Although volumes from Canada to the UK have reduced considerably from 2007 and 2008, Canadian producers have still maintained links with the UK in the CLS market, together with western red cedar. One agent said that west coast shippers in BC are experiencing substantial increases in demand from China, and several companies are actively recruiting more sales staff to cope.

This success follows an initiative by British Columbia’s government investing heavily in promoting its lumber to buyers in China. Government sources have stated that China now represents 16% of the province’s total lumber exports. In the first quarter of this year, 1.13 million m³ of lumber was exported to China, a 97% increase over the same period in 2009. Total exports in 2009 were 3.78 million m³, while exports for the whole of 2010 are expected to exceed 7.1 million m³. In late June, the province announced a further C$9.2m in funding to continue forest products promotions in China, Japan and Korea.

While trade with China has been increasing, news on the US housing market has pointed to a different picture for those Canadian producers who rely on sales to North America.

In June, Canadian shippers enjoyed a surge in shipments to the US because export duties, based on previously higher prices, were rescinded under the terms of the US/Canada Softwood Lumber Agreement. But the duties return this month in line with falling prices, and future construction demand looks set to decline in the second half of the year.
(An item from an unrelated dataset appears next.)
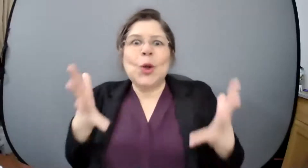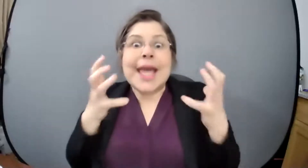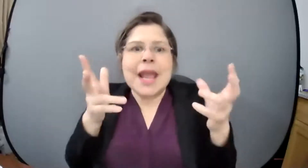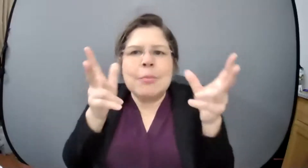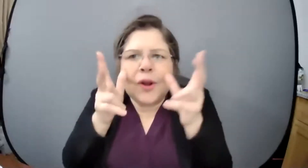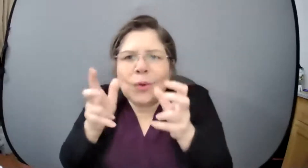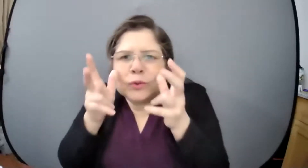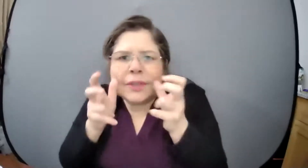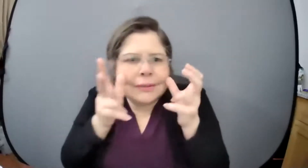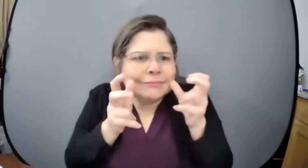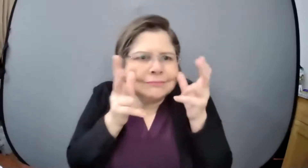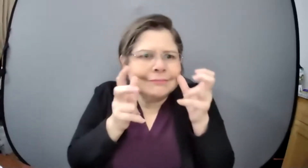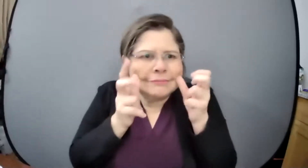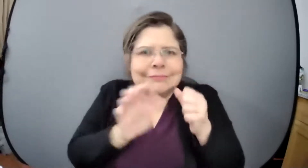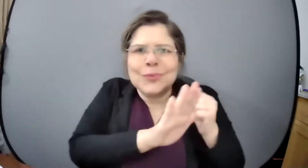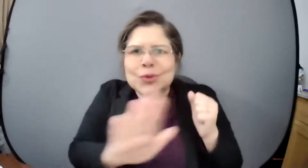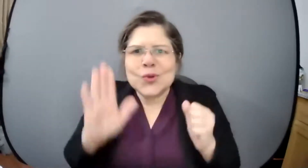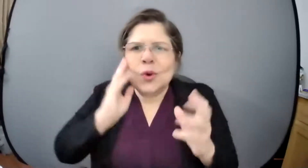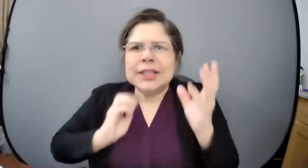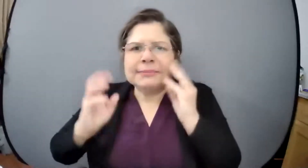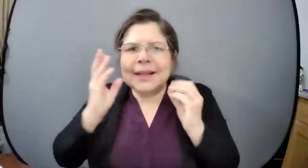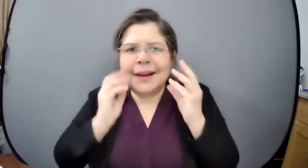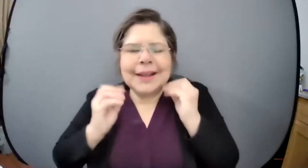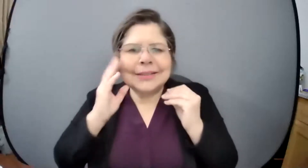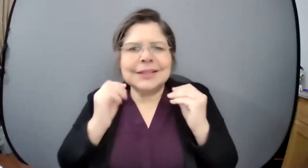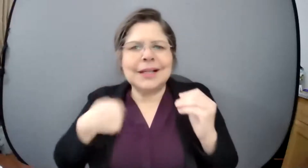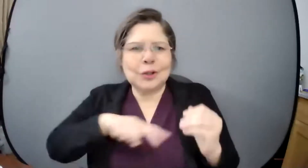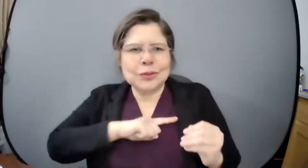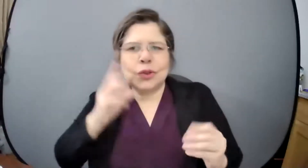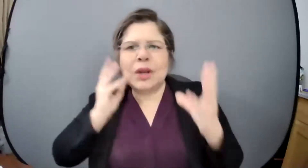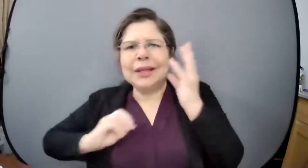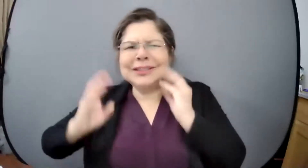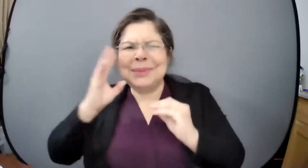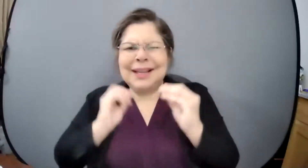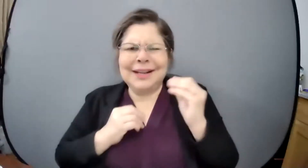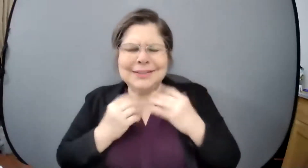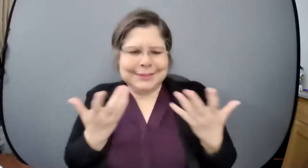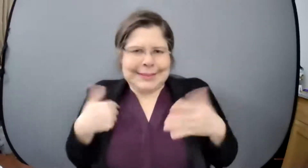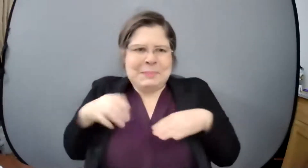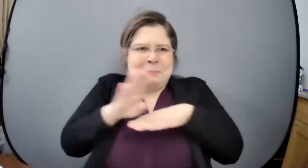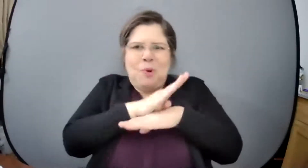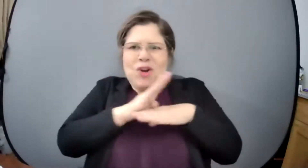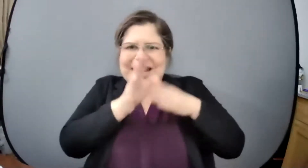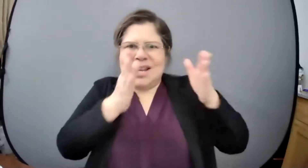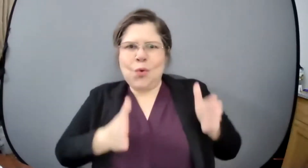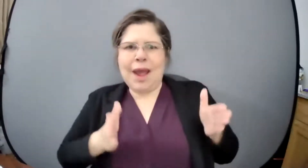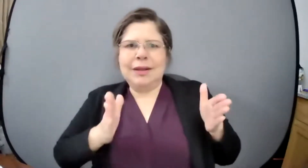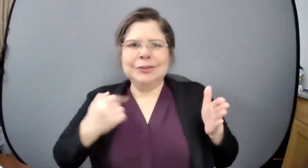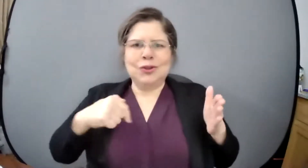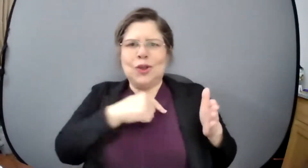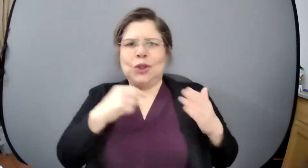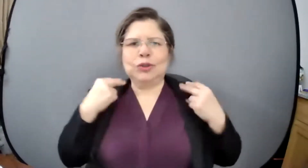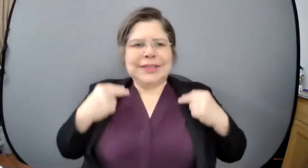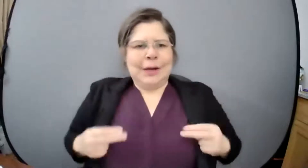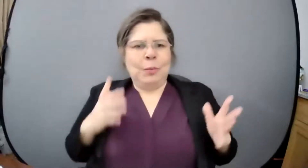más dura y difíciles que enfrentamos como seres humanos como boricua y trabajarlas en comunidad y

The US Commerce Department’s monthly housing starts report, released earlier this month, showed housing starts in May at an annual rate of 593,000 – the lowest for a year. In the same month, building permits for

new developments fell by 5.9% to 574,000, indicating a fall in future housing activity.

UK supply/demand balance

In the UK, the balance between supply and demand has remained fairly even. Production cuts at mills in northern Europe have kept stocks tight, and the practice of keeping stocks low has been adopted along the supply chain and into merchants’ yards.

The availability of redwood is reported to be satisfactory in terms of UK landed volume, although there are certain sizes that are hard to find. One agent said some late arrivals of Nordic redwood were still hitting the quayside and would add enough volume to support anticipated sales volumes until September.
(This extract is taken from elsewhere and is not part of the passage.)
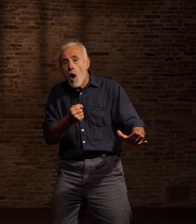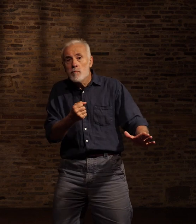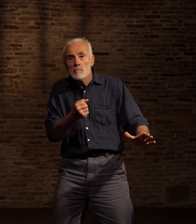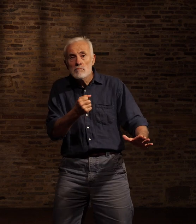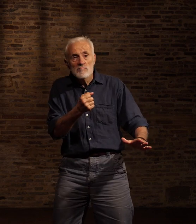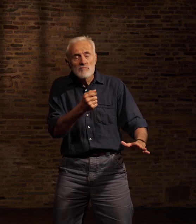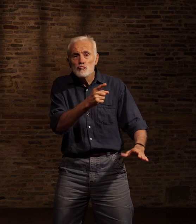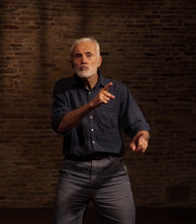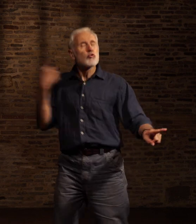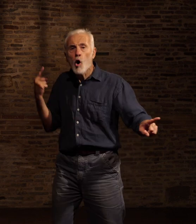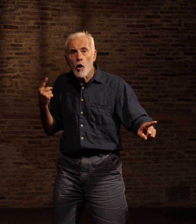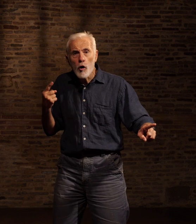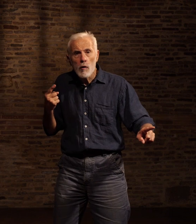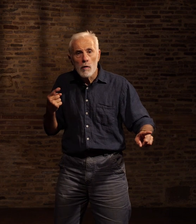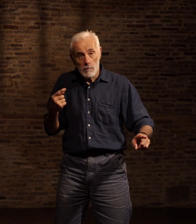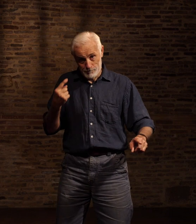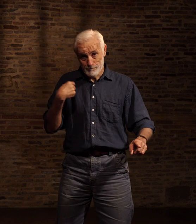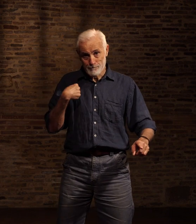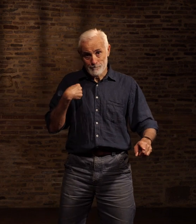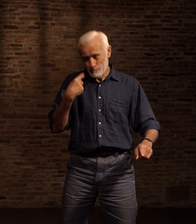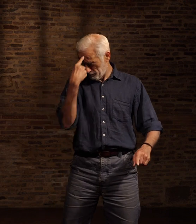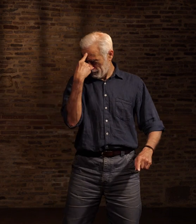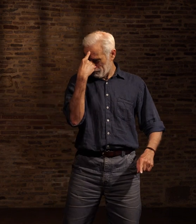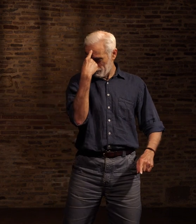pied Voilà comment j'envisageais les choses

Whitewood is generally in shorter supply, particularly in higher quality, but increased production of home-grown softwood has eased the pressure in the carcassing market for UK merchants. Prices of British softwood have continued to shadow those of imported material by just under £20/m³ for kiln-dried and graded material.

British log prices are steadily increasing in line with other growing areas in northern Europe, but availability at UK sawmills is falling behind demand due to felling capacity. Internal transport is also failing to meet demand, making it unlikely that prices of home-grown softwood will weaken in the foreseeable future.

Fierce competition

In end-user markets, competition among merchants and importers is fierce – and some companies have not passed on the full extent of replacement costs. A number of contacts said that the appreciation of stock values and increasing prices had reflected well in their current trading analysis, but the actual volume in cubic metres was below budget.

As one merchant described the situation, “we are seeing the price of timber reach a more realistic level and this is improving sales figures. If demand picks up we will make up for some of the difficult times”.

Another commented that although he accepted there were shortages in the pipeline, it was still possible to acquire most items from landed stock at lower prices than those offered on the forward market.

Most merchants and importers report that sales are better than expected given the uncertainties of possible bank interest rate rises and the government’s tough fiscal policy to rectify the UK’s deficit. They are cautious over inventory levels, because they still harbour suspicions that prices could peak and feel that demand is not strong enough to sustain top price levels indefinitely.